> _Source information_:
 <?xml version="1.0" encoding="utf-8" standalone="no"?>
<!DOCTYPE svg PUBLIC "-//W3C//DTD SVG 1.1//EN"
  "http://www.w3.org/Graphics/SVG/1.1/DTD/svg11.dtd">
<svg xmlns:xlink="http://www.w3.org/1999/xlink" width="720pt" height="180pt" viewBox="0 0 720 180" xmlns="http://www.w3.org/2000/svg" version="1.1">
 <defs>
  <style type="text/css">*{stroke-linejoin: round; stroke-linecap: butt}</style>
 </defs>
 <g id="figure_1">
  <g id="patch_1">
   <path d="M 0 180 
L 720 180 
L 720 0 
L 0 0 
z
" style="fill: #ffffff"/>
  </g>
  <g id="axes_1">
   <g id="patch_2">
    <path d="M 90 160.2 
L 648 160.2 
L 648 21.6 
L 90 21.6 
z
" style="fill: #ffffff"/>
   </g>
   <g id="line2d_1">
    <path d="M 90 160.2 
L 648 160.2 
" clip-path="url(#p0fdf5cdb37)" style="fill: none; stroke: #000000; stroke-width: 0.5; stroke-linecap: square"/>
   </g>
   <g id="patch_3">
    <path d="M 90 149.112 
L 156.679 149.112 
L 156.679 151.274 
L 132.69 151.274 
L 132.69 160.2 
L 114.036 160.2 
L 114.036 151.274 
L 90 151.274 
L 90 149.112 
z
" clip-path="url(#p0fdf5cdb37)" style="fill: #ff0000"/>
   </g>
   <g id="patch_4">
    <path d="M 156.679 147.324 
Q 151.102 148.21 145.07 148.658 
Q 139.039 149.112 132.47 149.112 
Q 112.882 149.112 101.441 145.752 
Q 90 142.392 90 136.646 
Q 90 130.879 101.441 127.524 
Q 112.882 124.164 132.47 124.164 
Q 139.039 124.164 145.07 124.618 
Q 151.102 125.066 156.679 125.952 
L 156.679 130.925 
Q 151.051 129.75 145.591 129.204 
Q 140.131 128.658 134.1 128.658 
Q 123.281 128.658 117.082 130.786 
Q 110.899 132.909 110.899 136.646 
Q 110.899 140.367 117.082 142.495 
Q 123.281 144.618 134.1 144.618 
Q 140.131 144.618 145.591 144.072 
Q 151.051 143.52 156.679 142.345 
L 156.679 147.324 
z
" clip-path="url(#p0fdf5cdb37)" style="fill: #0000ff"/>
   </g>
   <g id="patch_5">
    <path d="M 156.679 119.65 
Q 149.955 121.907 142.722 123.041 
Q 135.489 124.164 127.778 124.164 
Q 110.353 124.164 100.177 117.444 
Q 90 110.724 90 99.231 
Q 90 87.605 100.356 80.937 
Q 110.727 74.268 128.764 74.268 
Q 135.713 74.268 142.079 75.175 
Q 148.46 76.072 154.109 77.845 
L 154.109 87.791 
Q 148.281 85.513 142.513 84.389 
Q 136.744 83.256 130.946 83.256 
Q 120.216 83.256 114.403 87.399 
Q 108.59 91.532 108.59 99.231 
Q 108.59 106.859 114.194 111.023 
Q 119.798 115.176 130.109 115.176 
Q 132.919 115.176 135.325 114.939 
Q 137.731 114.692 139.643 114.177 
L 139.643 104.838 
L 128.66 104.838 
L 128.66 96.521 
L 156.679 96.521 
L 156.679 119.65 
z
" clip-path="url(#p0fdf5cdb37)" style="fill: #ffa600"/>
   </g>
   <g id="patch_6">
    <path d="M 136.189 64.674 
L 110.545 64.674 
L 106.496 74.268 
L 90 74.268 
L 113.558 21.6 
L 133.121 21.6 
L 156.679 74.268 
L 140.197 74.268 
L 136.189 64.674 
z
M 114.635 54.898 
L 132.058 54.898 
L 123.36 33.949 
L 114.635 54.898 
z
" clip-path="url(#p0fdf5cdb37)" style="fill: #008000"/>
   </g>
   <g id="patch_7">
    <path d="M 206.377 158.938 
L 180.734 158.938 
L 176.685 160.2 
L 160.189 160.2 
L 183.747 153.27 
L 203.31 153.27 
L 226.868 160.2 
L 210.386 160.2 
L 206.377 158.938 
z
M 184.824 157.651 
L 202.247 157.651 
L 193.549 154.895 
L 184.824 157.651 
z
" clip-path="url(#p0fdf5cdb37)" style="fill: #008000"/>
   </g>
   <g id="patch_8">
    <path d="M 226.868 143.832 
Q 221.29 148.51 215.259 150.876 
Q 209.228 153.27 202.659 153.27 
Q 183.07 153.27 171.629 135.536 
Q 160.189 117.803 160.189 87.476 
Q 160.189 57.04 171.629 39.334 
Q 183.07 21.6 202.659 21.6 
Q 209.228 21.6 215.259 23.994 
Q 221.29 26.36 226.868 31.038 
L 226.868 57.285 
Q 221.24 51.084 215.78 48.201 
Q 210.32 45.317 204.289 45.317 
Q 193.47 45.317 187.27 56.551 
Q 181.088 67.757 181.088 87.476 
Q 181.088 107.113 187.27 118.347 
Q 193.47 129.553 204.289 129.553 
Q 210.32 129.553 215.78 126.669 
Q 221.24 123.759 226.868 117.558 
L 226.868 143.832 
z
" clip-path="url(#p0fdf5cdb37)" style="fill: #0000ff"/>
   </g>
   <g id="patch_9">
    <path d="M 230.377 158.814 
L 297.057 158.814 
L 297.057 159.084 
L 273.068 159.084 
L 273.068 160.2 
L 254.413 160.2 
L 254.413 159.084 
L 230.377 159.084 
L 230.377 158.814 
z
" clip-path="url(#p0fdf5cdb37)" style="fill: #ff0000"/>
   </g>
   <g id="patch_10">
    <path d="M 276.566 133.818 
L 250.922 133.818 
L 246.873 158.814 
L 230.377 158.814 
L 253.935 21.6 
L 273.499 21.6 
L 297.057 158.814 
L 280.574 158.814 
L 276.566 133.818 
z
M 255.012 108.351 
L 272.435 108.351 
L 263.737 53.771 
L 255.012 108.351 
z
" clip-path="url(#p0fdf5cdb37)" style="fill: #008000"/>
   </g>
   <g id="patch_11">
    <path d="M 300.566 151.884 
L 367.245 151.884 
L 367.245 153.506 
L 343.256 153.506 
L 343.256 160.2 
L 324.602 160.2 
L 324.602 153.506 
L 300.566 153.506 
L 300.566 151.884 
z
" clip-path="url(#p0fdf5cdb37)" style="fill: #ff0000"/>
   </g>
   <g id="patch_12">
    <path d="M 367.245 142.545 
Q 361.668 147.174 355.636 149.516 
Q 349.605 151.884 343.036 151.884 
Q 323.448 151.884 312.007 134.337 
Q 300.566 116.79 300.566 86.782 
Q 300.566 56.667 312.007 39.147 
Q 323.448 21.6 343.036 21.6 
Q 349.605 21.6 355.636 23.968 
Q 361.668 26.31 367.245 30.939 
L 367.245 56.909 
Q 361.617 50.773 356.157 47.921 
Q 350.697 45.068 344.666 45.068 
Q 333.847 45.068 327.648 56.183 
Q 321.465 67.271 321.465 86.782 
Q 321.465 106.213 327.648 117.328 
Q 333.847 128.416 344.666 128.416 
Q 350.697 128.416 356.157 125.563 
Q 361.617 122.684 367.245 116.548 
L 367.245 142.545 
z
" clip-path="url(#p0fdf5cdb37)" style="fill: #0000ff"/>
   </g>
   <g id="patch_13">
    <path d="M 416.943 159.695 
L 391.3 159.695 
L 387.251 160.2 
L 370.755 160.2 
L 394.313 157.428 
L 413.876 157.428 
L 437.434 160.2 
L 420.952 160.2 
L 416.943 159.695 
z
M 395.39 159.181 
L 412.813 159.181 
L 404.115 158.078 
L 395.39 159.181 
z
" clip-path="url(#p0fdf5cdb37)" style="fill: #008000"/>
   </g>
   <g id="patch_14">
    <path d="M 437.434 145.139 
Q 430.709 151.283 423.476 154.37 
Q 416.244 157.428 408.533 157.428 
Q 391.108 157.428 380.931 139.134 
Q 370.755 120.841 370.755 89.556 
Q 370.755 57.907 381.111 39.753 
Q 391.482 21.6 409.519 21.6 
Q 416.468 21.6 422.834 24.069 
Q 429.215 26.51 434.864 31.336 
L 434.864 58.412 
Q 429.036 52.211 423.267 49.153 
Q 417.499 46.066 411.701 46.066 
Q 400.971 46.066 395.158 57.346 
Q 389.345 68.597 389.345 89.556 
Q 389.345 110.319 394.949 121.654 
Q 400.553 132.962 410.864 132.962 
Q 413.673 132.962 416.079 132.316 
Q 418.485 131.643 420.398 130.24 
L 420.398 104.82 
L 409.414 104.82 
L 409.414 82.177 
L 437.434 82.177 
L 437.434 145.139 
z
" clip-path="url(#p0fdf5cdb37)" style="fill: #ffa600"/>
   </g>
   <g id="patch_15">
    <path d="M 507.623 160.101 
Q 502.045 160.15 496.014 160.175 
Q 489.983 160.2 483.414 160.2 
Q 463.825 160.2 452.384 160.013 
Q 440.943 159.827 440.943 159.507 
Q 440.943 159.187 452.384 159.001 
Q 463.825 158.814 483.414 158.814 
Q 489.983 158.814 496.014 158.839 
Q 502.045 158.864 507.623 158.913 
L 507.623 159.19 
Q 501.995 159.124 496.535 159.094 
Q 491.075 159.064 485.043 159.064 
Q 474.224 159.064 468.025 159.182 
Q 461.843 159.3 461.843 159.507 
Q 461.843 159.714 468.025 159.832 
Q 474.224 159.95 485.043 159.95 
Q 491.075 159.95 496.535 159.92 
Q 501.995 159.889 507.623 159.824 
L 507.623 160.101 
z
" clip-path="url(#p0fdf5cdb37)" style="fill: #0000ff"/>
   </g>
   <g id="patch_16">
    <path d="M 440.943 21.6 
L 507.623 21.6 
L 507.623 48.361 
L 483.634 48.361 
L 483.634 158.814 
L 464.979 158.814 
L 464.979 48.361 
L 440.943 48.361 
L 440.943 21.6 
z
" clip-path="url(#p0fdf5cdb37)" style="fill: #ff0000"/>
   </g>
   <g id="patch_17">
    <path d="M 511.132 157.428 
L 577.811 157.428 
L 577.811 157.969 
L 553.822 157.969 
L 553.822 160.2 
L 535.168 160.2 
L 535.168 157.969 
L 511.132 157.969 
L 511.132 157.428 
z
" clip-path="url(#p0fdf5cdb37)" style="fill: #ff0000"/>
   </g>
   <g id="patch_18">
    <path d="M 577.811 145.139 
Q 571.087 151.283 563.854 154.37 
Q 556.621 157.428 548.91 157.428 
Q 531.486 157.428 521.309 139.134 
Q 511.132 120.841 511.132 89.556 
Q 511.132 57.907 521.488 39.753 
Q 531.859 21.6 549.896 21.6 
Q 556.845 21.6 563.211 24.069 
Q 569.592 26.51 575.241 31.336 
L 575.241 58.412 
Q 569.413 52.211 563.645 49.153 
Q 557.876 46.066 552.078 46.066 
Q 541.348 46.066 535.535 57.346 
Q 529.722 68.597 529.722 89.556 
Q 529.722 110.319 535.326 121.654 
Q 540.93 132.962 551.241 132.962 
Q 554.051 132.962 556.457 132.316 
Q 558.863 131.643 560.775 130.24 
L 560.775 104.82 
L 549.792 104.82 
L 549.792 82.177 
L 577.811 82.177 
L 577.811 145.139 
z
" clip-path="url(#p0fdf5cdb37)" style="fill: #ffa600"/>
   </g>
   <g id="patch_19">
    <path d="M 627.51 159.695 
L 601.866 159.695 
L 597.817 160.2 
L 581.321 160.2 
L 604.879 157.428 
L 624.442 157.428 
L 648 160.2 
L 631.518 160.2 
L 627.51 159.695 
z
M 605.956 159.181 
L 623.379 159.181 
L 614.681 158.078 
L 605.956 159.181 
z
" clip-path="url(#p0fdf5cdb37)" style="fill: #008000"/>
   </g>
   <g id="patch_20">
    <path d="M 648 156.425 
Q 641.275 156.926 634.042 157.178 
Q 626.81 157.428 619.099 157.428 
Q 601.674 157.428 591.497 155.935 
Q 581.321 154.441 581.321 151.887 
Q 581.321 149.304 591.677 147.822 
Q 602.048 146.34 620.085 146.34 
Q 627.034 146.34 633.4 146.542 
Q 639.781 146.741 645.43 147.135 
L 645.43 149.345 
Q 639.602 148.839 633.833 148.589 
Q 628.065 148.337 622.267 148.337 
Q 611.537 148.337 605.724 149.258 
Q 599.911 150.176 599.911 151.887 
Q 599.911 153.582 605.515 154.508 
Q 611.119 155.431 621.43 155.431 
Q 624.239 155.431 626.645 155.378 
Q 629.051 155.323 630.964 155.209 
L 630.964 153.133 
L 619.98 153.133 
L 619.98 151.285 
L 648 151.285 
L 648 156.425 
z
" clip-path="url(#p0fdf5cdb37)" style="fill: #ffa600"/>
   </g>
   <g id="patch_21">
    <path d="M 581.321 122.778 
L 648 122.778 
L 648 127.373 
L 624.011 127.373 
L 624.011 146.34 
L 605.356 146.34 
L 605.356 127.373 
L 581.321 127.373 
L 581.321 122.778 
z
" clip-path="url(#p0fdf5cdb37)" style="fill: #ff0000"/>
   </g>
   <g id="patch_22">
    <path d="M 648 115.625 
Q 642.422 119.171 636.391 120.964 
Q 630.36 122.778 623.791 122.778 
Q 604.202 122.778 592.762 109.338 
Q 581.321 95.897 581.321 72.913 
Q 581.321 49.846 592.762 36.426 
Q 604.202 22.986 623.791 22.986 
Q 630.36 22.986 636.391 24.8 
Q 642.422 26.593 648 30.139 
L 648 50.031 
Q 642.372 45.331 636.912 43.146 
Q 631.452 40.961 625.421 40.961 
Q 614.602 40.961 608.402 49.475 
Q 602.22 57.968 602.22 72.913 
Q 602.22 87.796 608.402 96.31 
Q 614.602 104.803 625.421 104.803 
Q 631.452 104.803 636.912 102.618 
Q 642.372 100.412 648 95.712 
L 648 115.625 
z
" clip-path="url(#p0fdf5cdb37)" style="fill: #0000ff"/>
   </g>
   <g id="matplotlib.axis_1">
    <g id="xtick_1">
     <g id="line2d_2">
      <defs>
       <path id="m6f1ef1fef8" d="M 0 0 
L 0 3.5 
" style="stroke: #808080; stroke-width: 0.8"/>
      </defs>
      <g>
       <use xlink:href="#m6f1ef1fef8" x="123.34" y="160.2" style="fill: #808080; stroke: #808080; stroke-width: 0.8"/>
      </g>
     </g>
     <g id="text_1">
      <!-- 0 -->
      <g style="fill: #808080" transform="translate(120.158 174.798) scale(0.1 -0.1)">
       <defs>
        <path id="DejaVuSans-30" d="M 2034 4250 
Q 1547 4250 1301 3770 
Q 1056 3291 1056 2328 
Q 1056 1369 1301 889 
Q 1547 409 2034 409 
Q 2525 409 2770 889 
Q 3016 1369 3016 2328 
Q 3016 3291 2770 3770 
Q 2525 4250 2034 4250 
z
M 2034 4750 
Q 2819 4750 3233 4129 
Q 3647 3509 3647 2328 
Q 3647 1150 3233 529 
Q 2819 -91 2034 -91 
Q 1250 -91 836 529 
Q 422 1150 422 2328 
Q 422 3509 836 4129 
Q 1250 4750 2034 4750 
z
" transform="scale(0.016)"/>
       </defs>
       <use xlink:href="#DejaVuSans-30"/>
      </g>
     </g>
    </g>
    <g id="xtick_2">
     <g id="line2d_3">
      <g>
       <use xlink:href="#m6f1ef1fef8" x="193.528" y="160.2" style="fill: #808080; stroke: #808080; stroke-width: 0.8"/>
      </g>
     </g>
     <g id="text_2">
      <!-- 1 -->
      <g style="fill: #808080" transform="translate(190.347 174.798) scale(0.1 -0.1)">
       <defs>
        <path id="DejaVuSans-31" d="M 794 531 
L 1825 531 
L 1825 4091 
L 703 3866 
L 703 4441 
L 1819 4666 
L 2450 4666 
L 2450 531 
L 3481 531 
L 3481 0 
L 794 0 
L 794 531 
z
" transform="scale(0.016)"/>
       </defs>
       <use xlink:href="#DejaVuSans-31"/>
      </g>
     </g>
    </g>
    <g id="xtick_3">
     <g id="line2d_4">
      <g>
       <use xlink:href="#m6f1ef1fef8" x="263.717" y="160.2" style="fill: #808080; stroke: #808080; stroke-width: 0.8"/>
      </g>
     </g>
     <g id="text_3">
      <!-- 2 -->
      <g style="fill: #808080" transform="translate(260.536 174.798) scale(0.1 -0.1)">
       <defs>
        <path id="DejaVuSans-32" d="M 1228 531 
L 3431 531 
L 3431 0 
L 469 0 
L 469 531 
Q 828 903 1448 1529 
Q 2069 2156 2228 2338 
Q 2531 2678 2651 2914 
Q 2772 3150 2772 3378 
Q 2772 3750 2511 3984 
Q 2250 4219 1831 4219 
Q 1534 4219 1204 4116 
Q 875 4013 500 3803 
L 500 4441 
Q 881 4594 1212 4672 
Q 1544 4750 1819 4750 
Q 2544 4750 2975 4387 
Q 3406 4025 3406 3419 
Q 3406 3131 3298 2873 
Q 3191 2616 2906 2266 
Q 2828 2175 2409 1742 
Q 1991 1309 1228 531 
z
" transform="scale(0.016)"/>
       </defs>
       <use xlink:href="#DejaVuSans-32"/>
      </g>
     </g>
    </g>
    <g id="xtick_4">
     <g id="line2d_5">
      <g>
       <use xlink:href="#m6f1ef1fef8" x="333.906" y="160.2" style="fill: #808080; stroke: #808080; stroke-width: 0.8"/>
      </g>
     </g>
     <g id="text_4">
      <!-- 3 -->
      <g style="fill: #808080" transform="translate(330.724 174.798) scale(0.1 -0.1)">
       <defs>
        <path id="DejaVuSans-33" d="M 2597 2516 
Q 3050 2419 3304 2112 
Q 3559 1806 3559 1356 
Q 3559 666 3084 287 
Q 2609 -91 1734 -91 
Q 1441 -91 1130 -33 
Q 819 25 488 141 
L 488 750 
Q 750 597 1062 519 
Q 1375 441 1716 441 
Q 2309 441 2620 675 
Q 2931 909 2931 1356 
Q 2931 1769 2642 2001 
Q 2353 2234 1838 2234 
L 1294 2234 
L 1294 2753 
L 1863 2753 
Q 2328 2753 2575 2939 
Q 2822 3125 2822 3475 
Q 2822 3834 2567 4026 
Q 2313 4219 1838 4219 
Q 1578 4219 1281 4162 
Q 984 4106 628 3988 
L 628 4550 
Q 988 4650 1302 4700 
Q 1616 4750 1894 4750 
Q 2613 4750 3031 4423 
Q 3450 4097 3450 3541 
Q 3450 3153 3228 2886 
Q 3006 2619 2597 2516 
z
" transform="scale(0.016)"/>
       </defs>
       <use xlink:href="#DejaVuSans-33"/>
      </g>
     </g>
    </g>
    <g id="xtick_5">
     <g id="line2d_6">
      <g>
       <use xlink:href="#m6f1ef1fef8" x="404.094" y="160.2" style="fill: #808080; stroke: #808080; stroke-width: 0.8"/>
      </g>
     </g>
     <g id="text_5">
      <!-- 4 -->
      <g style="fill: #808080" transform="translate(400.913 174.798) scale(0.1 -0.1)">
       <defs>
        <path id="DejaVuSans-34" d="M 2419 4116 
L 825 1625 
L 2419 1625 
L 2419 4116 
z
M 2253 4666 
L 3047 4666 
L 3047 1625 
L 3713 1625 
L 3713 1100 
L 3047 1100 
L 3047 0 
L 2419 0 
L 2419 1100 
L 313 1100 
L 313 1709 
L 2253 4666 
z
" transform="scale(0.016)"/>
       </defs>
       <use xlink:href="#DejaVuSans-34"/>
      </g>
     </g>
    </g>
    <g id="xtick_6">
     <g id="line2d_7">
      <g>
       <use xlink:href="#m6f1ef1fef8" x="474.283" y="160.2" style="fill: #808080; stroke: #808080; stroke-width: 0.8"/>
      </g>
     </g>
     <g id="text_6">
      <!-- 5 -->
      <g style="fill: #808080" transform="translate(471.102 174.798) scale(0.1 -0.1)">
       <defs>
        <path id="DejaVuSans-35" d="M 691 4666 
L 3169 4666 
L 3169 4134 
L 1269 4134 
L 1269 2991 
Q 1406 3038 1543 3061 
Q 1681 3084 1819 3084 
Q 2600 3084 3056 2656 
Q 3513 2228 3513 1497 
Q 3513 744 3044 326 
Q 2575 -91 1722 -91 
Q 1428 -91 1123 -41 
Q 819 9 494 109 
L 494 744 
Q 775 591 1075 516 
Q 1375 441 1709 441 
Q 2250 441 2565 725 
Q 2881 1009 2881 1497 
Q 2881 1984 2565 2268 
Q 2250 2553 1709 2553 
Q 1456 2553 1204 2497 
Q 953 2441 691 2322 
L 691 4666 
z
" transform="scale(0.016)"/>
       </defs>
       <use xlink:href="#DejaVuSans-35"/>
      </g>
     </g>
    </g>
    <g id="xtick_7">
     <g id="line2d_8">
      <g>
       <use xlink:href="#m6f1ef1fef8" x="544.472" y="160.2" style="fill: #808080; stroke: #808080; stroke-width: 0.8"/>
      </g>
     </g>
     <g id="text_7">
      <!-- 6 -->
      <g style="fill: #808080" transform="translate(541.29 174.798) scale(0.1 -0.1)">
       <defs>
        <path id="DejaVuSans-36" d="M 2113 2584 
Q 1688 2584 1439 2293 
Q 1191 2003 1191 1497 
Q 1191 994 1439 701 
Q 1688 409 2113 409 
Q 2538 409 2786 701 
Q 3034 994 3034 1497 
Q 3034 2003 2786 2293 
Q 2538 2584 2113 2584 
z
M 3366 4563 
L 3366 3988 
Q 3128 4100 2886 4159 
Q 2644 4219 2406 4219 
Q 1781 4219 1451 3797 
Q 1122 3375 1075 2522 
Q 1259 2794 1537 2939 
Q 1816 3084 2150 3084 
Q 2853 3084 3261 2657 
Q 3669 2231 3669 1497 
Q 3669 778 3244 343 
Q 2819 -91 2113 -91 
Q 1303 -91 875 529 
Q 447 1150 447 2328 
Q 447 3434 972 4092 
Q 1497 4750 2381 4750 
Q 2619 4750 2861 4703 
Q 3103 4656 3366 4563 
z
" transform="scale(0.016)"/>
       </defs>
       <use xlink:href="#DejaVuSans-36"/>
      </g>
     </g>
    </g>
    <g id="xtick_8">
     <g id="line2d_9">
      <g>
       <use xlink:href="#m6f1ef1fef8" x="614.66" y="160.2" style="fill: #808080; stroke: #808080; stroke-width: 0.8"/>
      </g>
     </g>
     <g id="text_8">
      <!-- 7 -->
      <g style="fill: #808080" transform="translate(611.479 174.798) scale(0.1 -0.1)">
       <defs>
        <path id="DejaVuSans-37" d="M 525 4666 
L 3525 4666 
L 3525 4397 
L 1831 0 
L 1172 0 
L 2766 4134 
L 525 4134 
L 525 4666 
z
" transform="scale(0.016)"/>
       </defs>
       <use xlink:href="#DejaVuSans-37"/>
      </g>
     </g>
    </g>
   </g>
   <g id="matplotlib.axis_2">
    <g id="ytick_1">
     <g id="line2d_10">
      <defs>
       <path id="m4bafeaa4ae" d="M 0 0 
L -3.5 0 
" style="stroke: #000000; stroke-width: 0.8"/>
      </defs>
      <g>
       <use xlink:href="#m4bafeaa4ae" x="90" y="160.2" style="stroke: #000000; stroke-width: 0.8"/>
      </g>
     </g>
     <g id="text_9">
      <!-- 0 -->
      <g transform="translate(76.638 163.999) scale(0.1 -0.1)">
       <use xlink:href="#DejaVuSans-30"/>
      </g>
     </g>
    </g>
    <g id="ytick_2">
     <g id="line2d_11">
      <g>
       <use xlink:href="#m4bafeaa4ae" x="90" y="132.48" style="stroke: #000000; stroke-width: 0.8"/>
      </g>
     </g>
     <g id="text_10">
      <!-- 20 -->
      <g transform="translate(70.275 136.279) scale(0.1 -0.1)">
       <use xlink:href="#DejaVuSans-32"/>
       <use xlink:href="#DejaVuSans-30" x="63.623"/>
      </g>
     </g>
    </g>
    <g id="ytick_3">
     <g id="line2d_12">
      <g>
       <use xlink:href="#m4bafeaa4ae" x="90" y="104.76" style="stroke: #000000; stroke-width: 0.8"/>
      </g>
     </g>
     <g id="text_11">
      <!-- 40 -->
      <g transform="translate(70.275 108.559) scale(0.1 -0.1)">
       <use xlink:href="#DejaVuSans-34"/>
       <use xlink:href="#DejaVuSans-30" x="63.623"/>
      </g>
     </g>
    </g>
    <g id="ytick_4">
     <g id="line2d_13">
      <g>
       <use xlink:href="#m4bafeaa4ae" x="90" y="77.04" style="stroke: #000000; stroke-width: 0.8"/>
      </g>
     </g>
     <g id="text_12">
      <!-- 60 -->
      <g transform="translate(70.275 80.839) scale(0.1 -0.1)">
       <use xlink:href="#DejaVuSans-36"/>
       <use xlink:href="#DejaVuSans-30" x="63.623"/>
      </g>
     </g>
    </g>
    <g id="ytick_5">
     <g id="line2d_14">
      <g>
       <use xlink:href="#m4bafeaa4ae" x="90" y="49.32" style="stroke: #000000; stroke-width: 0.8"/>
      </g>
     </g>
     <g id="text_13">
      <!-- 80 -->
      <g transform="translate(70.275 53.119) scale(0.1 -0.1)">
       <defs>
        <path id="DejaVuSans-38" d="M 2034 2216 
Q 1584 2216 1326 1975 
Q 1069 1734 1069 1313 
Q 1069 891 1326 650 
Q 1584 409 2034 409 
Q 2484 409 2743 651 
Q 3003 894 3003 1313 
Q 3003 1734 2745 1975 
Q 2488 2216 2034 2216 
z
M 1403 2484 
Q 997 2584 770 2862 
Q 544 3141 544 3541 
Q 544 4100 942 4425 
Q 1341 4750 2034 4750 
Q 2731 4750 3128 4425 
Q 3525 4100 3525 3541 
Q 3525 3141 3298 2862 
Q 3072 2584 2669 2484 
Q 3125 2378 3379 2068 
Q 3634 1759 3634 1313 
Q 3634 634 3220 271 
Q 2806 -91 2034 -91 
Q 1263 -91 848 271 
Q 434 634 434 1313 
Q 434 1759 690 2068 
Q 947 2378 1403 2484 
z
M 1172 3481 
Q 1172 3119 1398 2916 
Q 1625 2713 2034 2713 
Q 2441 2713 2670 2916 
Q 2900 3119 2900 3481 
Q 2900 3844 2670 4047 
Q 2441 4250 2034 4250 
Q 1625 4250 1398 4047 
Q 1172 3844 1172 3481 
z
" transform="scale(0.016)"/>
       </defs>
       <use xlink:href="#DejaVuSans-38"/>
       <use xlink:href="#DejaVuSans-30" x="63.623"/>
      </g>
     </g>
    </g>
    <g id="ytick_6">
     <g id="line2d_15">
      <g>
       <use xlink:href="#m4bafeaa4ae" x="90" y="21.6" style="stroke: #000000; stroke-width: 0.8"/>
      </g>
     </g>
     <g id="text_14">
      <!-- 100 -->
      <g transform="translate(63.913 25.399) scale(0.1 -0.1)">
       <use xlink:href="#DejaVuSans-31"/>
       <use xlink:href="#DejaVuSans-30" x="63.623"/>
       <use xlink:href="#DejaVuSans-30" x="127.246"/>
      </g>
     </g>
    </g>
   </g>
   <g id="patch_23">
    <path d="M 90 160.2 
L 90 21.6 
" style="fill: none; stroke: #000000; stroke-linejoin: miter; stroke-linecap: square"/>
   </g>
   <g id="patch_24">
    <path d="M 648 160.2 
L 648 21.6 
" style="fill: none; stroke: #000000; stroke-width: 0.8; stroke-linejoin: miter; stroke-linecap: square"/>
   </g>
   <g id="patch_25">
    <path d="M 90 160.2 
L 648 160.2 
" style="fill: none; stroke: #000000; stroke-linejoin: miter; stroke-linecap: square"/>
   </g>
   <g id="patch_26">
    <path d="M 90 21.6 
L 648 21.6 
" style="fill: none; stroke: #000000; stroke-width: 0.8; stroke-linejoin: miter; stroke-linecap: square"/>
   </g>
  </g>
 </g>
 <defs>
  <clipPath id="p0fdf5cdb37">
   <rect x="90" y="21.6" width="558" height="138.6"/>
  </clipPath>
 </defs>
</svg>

> _Aim of the exercise_:
Take every line from the records above that has the word "matplotlib" and copy it.

> _Your response_:
   <g id="matplotlib.axis_1">
   <g id="matplotlib.axis_2">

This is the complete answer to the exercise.